Dollar days at Riverview Park, $3 for residents of sauk, columbia, Adams, Juneau and Marquette counties june 13 thru 16.

$2 coupon for Pirate's Cove, looks like it is not limited to reseidents, June 13 thru 16.


----------



## rudymcbill (Jun 3, 2006)

Thank you so much for the update!  
We'll be coming up on  June 10th for part of the week.  Would you like any coupons from the travelers plus site?


----------



## sdwrdt (Jun 4, 2006)

rapmarks said:
			
		

> $2 coupon for Pirate's Cove, looks like it is not limited to reseidents, June 13 thru 16.



Question: my non-resident Girl Scouts will be there then.

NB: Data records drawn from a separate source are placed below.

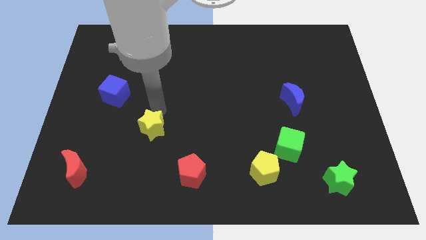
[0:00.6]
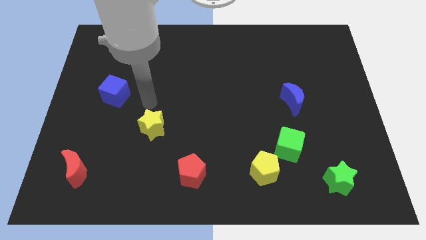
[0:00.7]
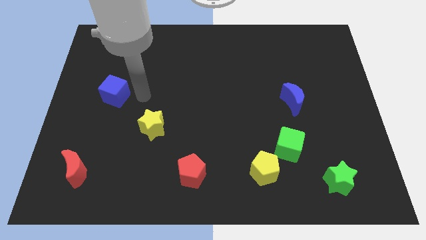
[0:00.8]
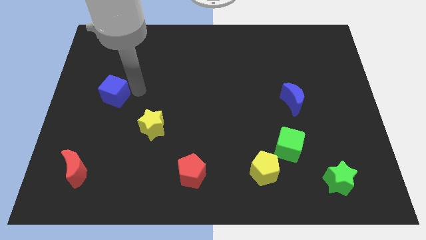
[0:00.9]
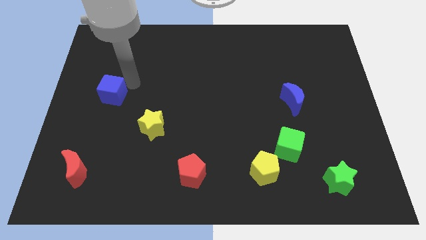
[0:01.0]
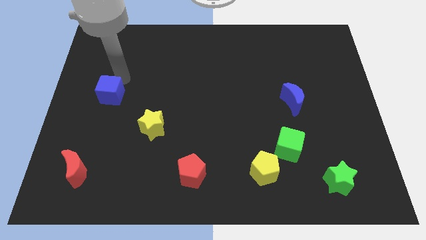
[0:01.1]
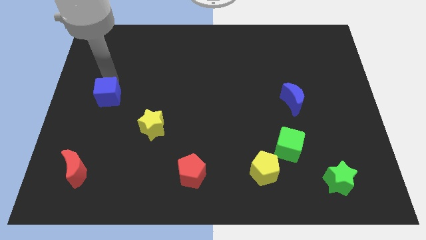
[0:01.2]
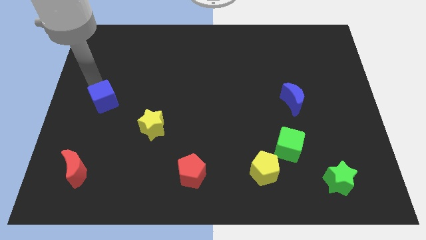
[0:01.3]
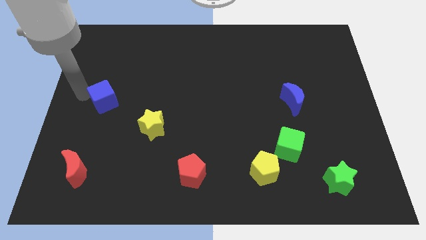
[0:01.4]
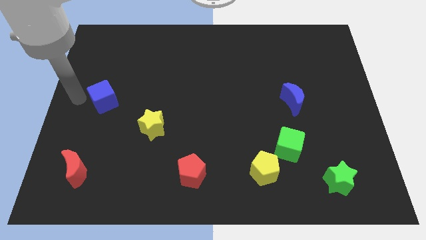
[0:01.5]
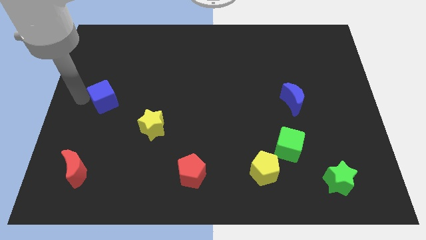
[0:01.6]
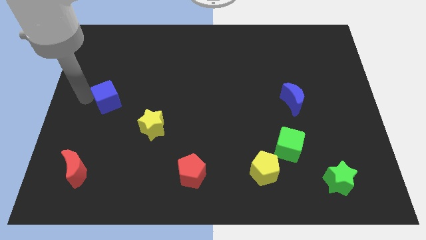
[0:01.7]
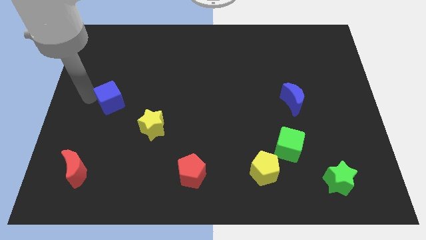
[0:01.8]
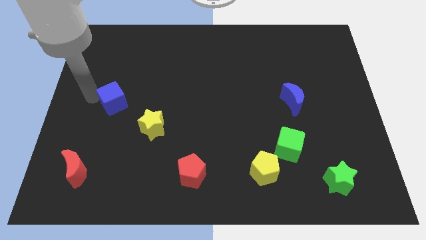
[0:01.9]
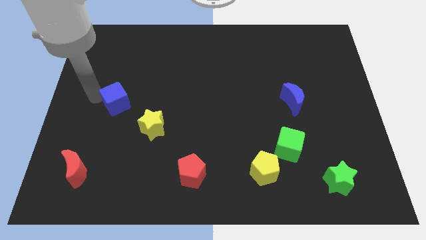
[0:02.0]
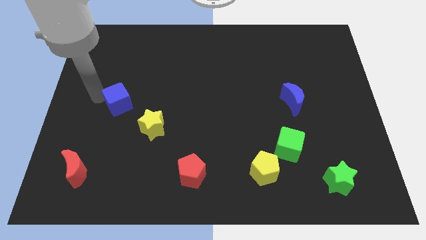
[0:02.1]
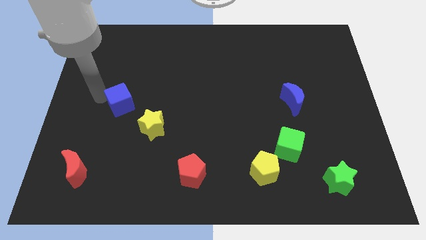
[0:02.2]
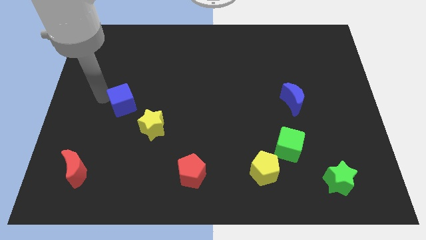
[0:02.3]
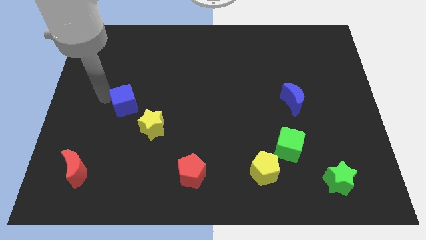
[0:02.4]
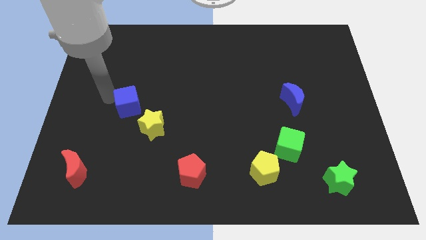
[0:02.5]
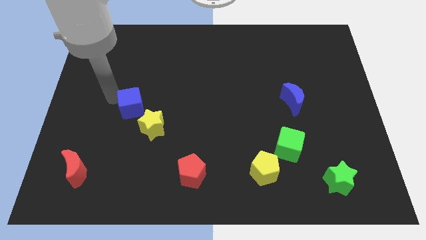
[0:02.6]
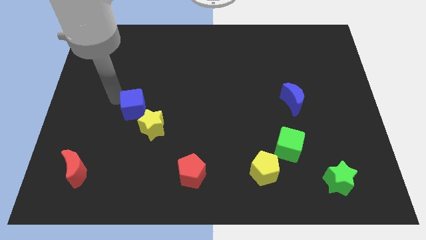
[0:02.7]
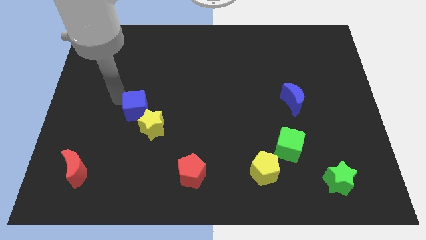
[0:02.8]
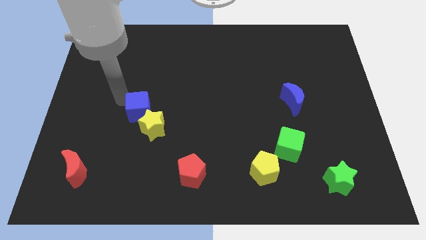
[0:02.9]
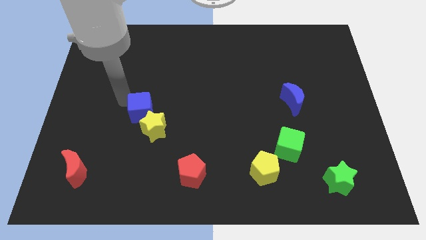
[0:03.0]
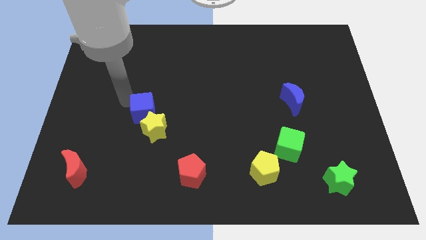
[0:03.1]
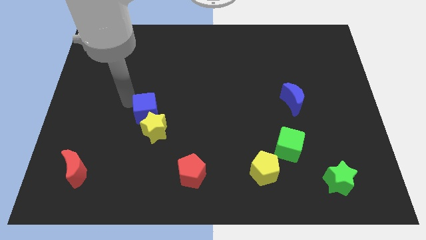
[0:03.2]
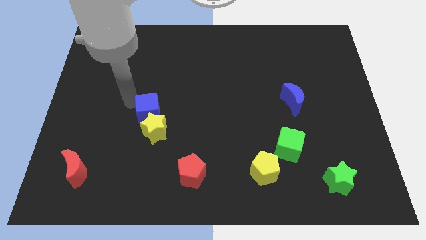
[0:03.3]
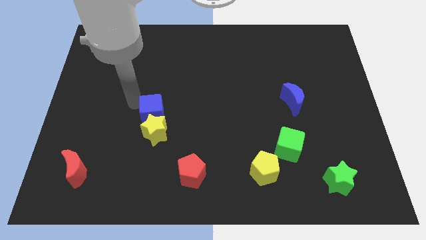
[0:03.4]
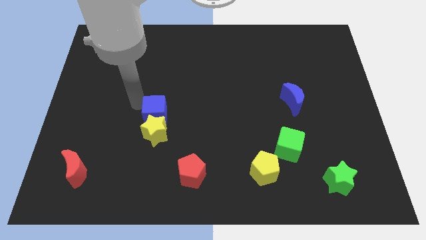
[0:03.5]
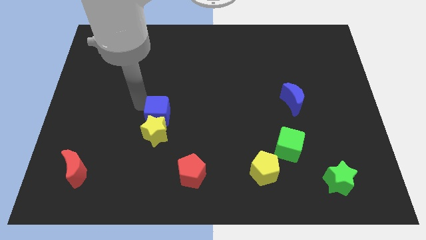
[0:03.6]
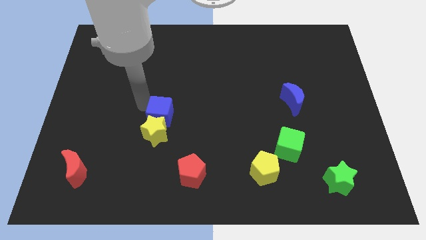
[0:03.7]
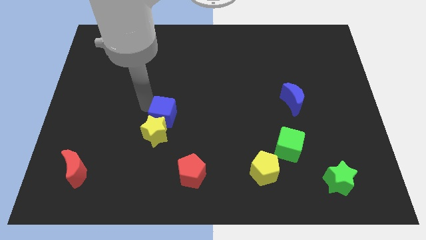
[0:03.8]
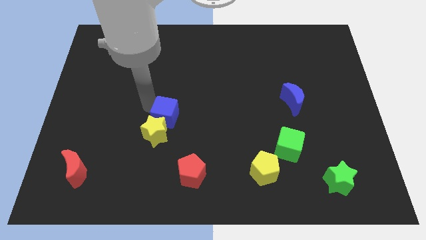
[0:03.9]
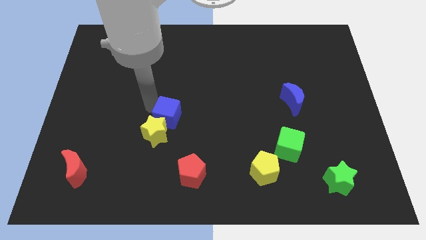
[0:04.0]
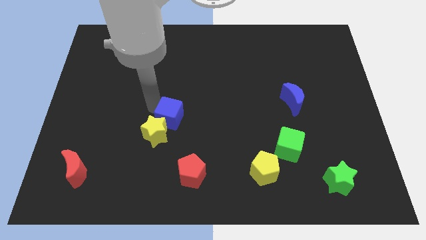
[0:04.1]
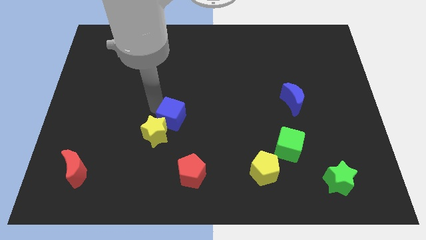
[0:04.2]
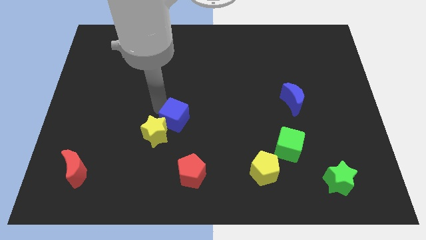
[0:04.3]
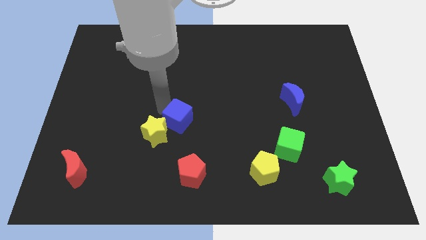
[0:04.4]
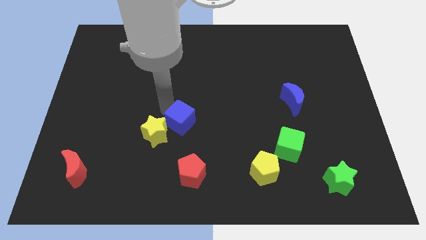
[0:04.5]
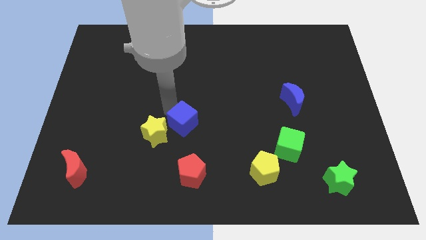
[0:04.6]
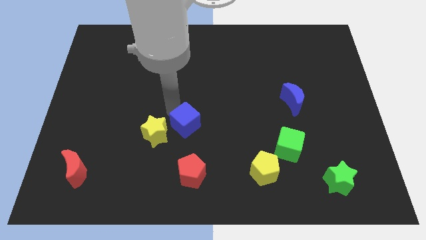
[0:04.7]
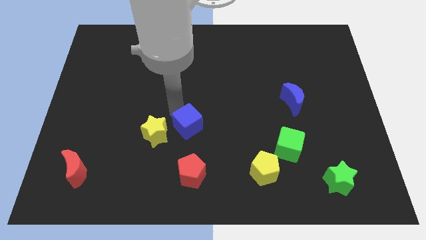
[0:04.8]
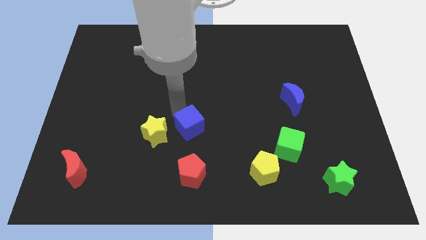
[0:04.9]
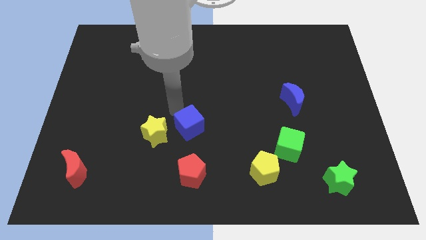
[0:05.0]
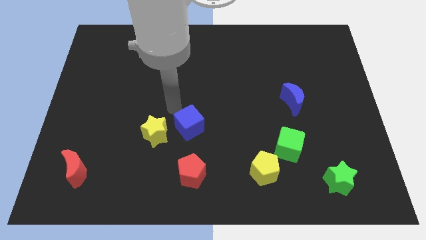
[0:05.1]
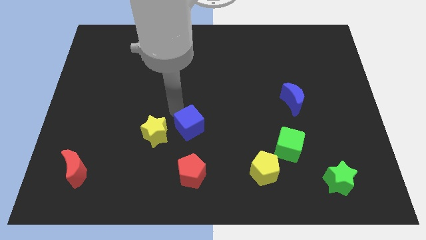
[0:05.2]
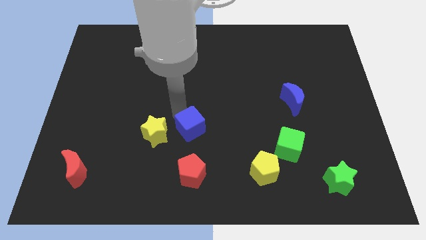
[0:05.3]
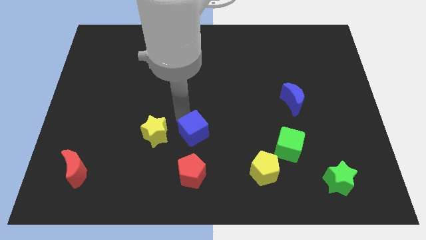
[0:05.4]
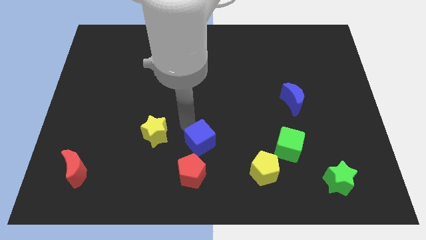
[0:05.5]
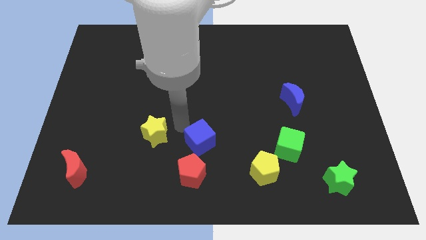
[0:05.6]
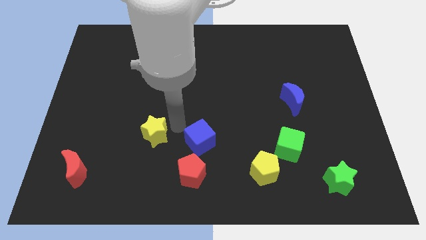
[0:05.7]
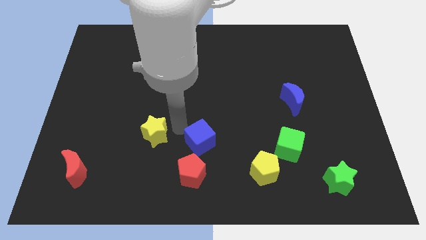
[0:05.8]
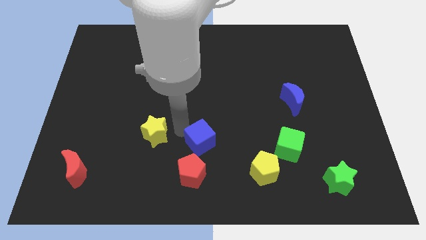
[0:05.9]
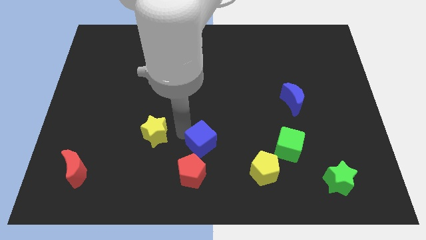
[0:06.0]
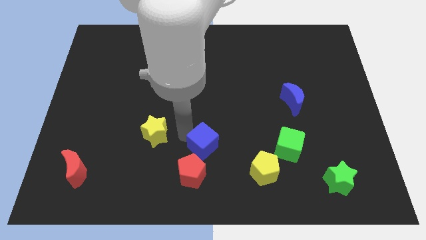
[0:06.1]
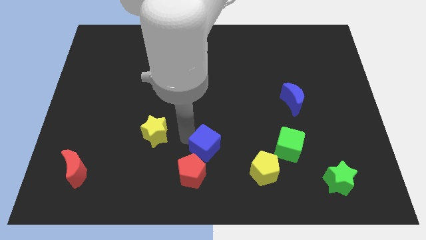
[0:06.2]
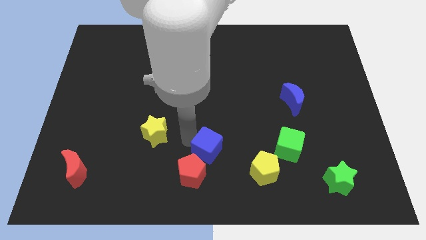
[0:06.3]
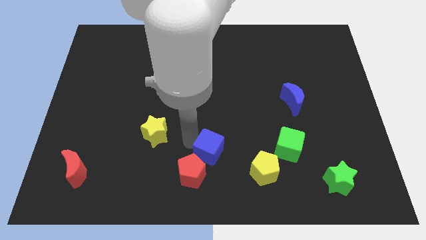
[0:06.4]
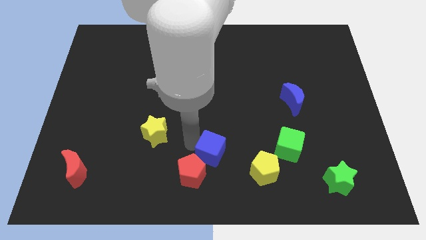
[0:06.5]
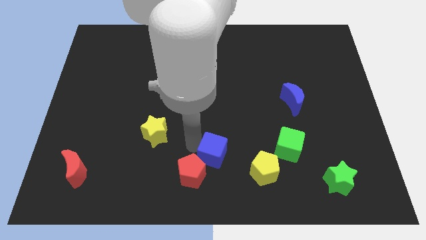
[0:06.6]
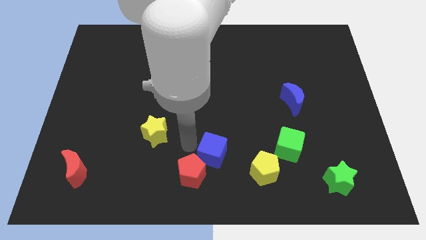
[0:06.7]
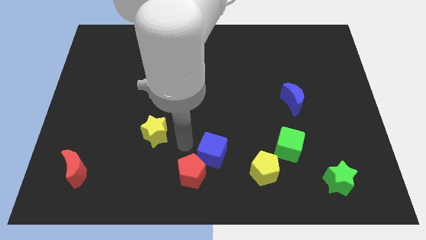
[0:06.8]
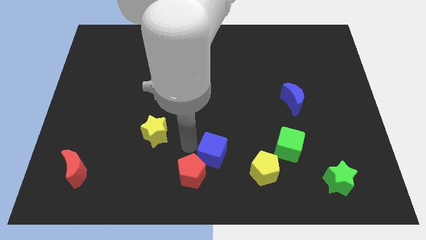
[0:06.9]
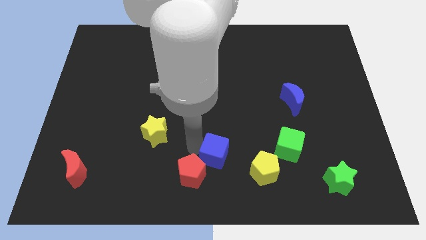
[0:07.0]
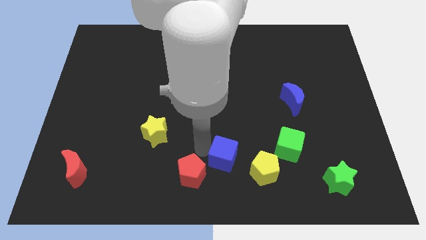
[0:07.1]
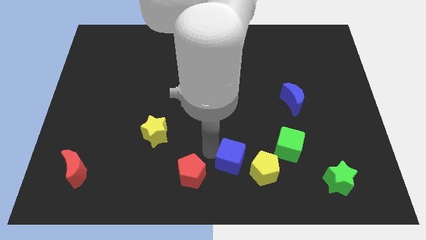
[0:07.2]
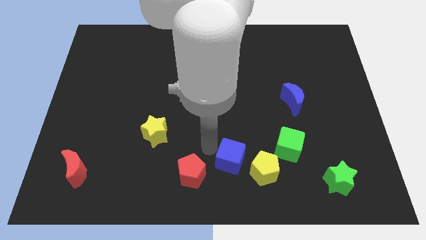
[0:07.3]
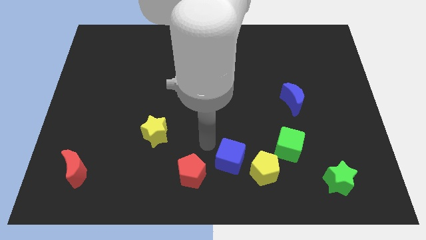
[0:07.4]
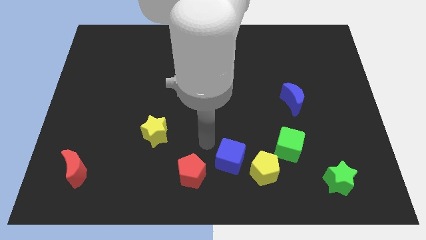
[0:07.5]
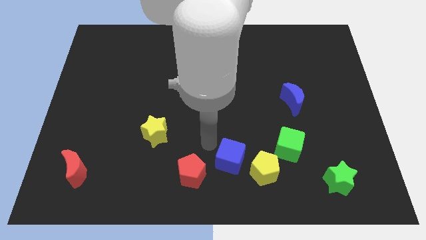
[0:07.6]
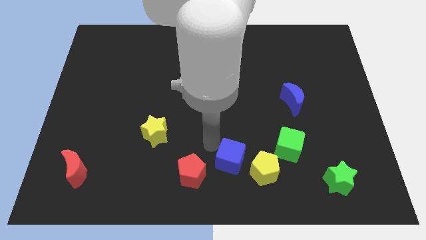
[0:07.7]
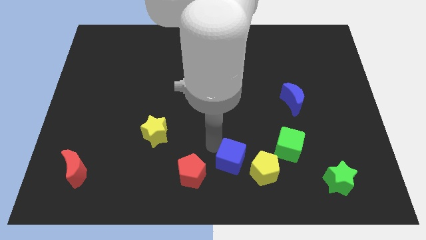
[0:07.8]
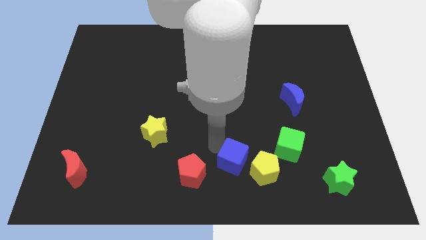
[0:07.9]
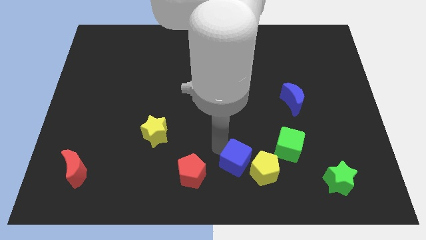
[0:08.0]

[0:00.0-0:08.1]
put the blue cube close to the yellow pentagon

And they're doing their planning meeting tomorrow regarding what they can do for the amount of money they have. Is that $2 for a round of golf or $2 OFF a round?


----------



## rapmarks (Jun 4, 2006)

$2 admission per person, good for entire party.


----------



## sdwrdt (Jun 4, 2006)

Thank you so much for the quick reply! Am SO GLAD we picked the time to go that we did - now if we just have our report cards in time!


----------



## rapmarks (Jun 5, 2006)

I am concerned about the Pirate's Cove coupon, it doesn't say for residents, but it is within an ad for residents.  a phone number is given 608 254 7500 or 254 2605.  sometimes they are really lenient with coupons, and sometimes not.  We do not quaqlify for residents rates because we don't have Wisconsin drivers licenses, but some places let us in with our libary cards.


----------



## sdwrdt (Jun 6, 2006)

Thanks for the heads-up! Will keep that in mind when we go. Thankfully, that won't save us as much money as the Noah's ark does! So we can still afford to do it, whether or not we get cheap rates!


----------



## rapmarks (Jun 6, 2006)

On father's day, dads get in free at Noah's ark, with one paid child admission.


----------



## rudymcbill (Jun 6, 2006)

Can you tell me where we would find the Pirate's Cove coupon?
Thanks!


----------



## rapmarks (Jun 6, 2006)

I saved my one copy for you.  I also saw it int he Dells Events in Saturday's paper.  It was in Sat. shopper stopper, which they never have extra copies of in the store.


----------



## rudymcbill (Jun 6, 2006)

Thanks so much!  Were you wishing to use it, though?


----------



## rapmarks (Jun 7, 2006)

we never get to do the free stuff as we do not have Wisconsin driver's licenses.  you have to be a year round resident to qualify and we are only here half of the year.


----------



## northwoodsgal (Jun 7, 2006)

Thank you for posting this!  When we lived near Madison, we would see the ad in the paper.  Not so here in Green Bay.  Hopefully, we'll be able to take advantage of this deal next week.


----------